Thank you, Chairman Kelly, for the invitation to talk today about the role of commodities in terrorist financing. I believe it is an extremely important area that has not received the attention in deserves from the intelligence and law enforcement communities, either before or after 9-11.

Commodities such as gold, diamonds and tanzanite have played a vital role in the global terrorist infrastructure. Gemstones have played a particularly important role in al Qaeda's financial architecture. Diamonds, in particular, have been used to raise money, launder funds and store financial value. Gold, for a variety of cultural and logistical reasons, has been used primarily as way to hold and transfer value. These commodities are not tangential to the terror financial structure, but a central part of it.

Diamonds have also been used extensively by Hezbollah and other terrorist groups in the Middle East that have a long tradition of access to diamonds in West Africa through the Lebanese diaspora there.1

Since the late 1990s, diamonds and tanzanite have played an important role in both financing terrorist activities and helping terrorists move their money outside the formal financial sector.2 Gemstones are ideal for several reasons: they hold their value; they are easy to transport; they do not set off metal detectors in airports; and they can be easily converted back to cash when necessary. This is especially true of "blood diamonds," or diamonds mined by armed groups, mostly in sub-Saharan Africa, in order to finance their wars. Diamonds mined in these areas are outside government control, where illicit trade has flourished for year and where it is easy for clandestine structures to operate while drawing little attention from the law enforcement or intelligence communities.

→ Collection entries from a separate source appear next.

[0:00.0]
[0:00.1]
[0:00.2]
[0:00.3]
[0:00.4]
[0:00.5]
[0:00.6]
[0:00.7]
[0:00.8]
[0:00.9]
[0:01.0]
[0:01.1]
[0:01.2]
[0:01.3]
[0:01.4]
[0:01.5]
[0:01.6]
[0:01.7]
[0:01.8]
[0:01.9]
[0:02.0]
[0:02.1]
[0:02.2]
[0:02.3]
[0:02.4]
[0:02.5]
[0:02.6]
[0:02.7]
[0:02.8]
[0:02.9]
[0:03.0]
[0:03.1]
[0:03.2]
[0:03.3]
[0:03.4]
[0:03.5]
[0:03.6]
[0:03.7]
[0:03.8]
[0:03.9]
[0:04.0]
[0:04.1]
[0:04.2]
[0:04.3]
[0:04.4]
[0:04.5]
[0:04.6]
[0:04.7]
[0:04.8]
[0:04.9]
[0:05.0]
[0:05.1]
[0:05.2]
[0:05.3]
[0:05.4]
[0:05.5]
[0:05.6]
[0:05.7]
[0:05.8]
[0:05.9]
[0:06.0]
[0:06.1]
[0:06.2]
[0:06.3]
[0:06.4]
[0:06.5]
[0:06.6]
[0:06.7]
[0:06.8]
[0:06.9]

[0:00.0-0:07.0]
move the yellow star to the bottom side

Al Qaeda sought to exploit gemstones in West Africa, East Africa and Europe almost since its inception. Al Qaeda, the Taliban and the Northern Alliance all exploited Afghanistan's emerald fields to finance their activities, so gemstones were not an unknown revenue source.

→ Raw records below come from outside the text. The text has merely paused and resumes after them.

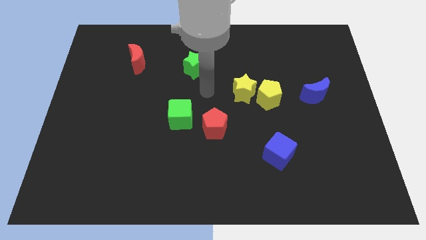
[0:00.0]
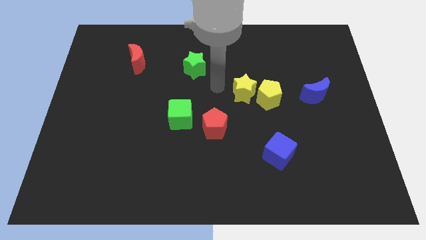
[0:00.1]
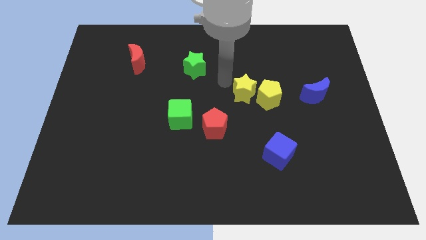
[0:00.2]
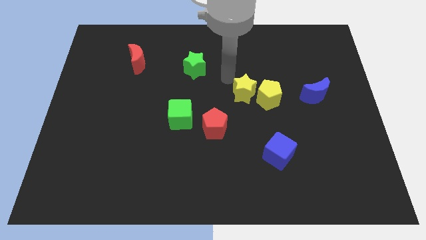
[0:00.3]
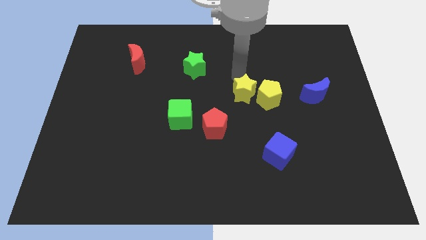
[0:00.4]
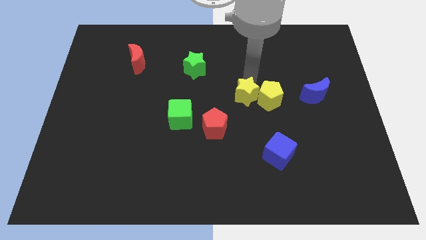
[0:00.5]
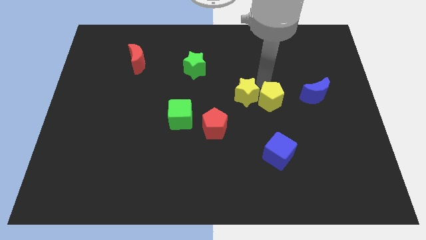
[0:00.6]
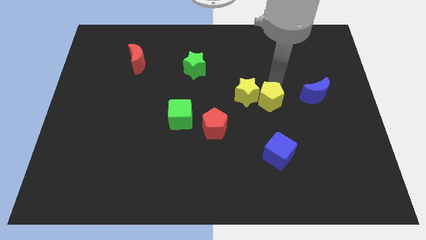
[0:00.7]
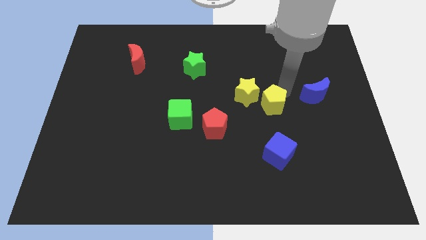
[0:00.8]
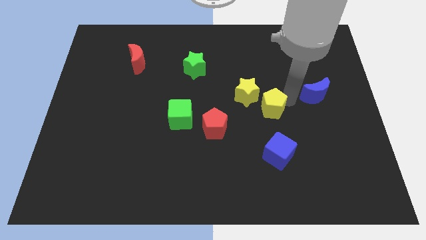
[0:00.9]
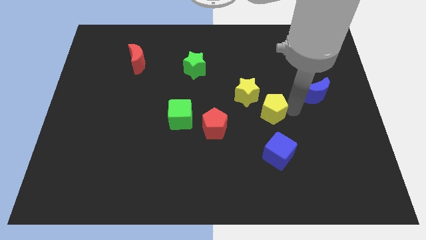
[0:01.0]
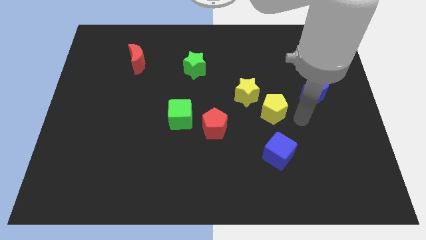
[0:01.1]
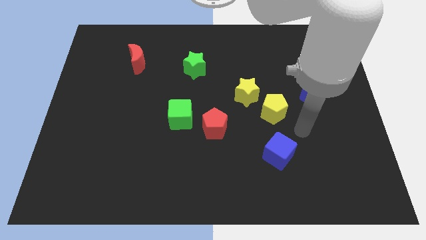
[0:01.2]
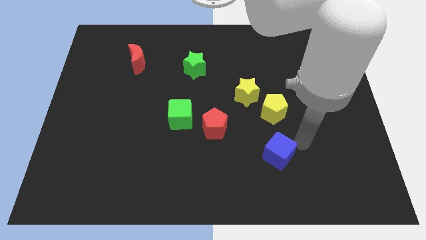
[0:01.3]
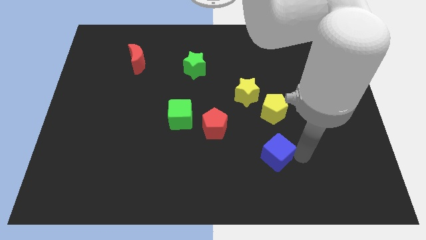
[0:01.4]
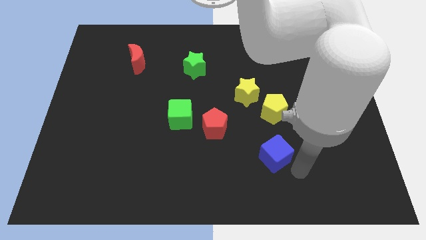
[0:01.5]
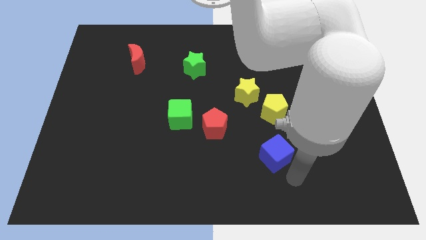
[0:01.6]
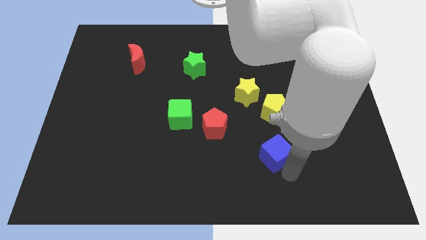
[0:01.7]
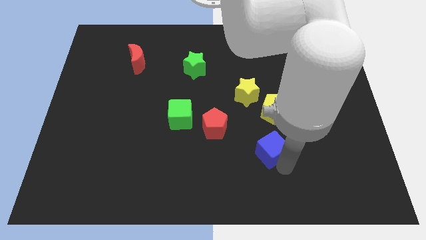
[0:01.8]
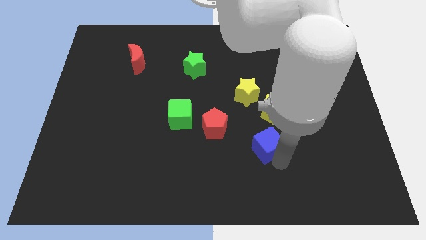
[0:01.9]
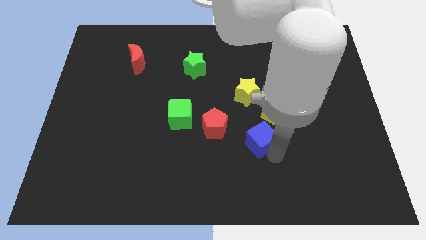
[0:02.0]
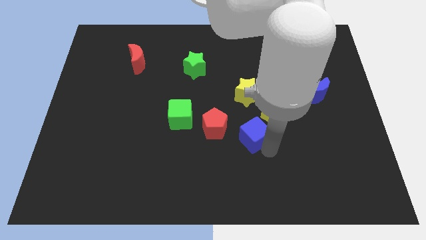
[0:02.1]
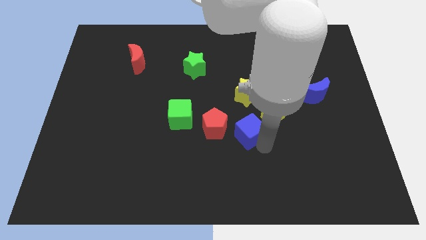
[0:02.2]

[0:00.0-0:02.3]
slide the blue cube to the middle

There is strong evidence of al Qaeda's ties to the African diamond trade, despite the reluctance of some in the U.S intelligence community to acknowledge the link. The data comes from the testimony of al Qaeda members convicted of the 1998 U.S. embassy bombings in East Africa; my own investigations into the ties in West Africa, particularly to Charles Taylor in Liberia and his allies in the Revolutionary United Front (RUF) in Sierra Leone; investigations by the London-based NGO Global Witness; Belgian police investigations; and most recently, a growing body of evidence accumulated by the U.N.-backed Special Court for Sierra Leone, charged with investigating crimes against humanity in that brutal conflict. In two reports presented to some members of Congress, the Court's chief prosecutor and chief investigator-each with 30 years experience in the Department of Defense-have summarized the large volume of evidence of these ties from sources that are different from and independent of other investigations. I would be happy to provide members of the committee with any of these documents.

Groups like al Qaeda and Hezbollah chose West Africa as a base because in states such as Liberia, Sierra Leone and most others in the region, governments are weak, corrupt and exercise little control over much of the national territory. Some states, like Liberia under Charles Taylor, were in essence functioning criminal enterprises. For the right price, Taylor let al Qaeda, Russian organized crime, Ukrainian organized crime, Balkan organized crime, Israeli diamond dealers and Hezbollah, operate under his protection. Yet Taylor's regime could still issue diplomatic passports, register aircraft, issue visas and enjoy the benefits accorded to a sovereign government.3

Because of this, Taylor issued airplane registrations to Victor Bout, one of the world's largest illegal weapons dealers. Bout was later discovered not only to be selling weapons to most sides of most civil wars in Africa, but also to the Taliban AND the Northern Alliance in Afghanistan. He often took his payment in diamonds. Until very recently he was also flying for the U.S. military in Iraq.4

The documentary and anecdotal evidence point to two distinct phases in al Qaeda's diamond activities. The first started sometime before 1996, when bin Laden lived in the Sudan, and was aimed at helping finance the organization. The latter years overlap with the large-scale, al Qaeda dominated purchase of tanzanite in East Africa.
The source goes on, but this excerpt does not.